---------- RECORDS SHOWN

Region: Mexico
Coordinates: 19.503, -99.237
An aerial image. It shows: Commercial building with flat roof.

--------------------
---------- RECORDS SHOWN

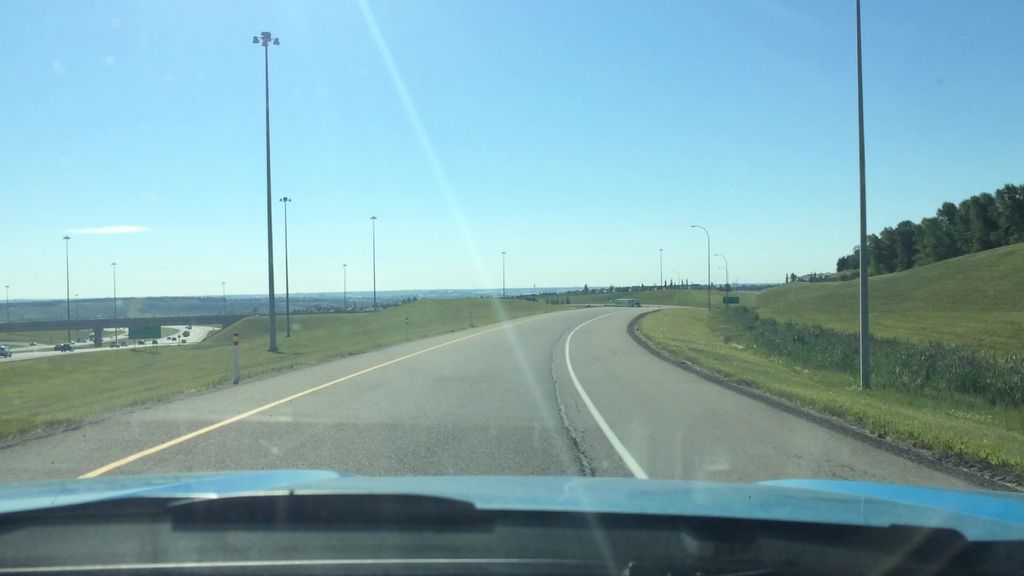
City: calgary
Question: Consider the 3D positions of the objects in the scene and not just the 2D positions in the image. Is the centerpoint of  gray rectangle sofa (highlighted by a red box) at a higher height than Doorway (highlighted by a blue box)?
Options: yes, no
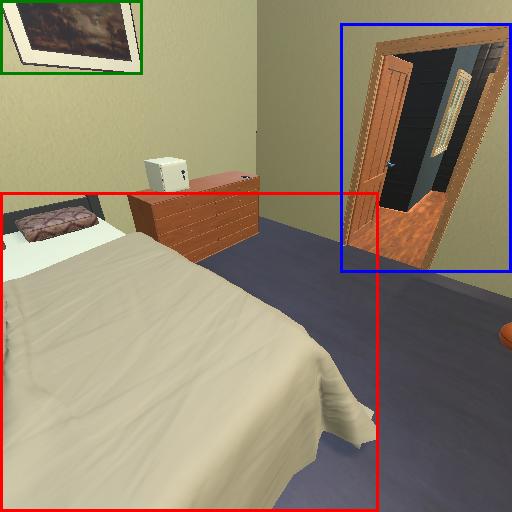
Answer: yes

--------------------
---------- RECORDS SHOWN

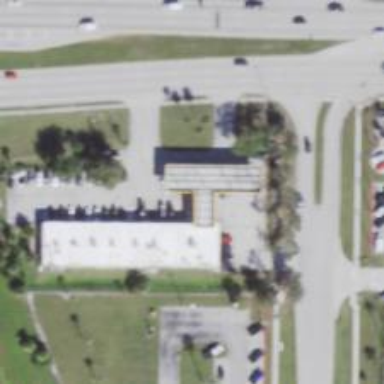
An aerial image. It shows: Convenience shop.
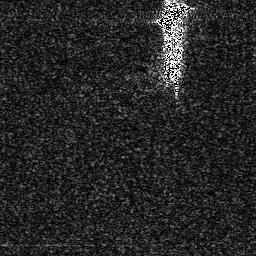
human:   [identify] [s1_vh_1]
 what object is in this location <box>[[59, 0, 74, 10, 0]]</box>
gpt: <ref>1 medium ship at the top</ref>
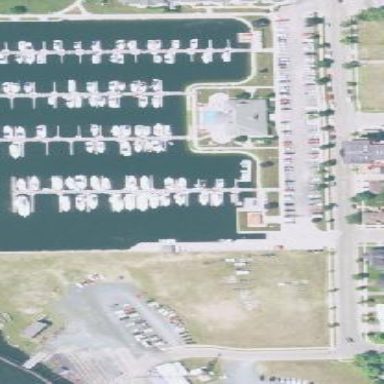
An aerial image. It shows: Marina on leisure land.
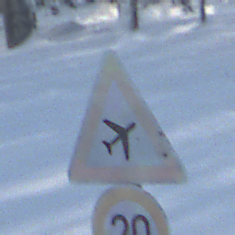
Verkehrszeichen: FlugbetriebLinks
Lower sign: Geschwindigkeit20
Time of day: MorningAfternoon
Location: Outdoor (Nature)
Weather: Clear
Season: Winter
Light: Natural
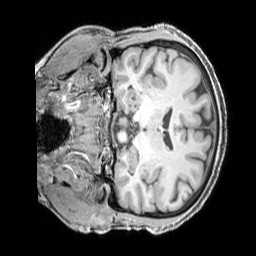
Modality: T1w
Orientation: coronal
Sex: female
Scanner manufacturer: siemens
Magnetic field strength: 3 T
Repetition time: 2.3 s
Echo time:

--------------------

**REQUIRED WORK**:
Please copy all lines of the listing in which the string "aerial" occurs.

**THE ANSWER**:
An aerial image. It shows: Commercial building with flat roof.
An aerial image. It shows: Convenience shop.
An aerial image. It shows: Marina on leisure land.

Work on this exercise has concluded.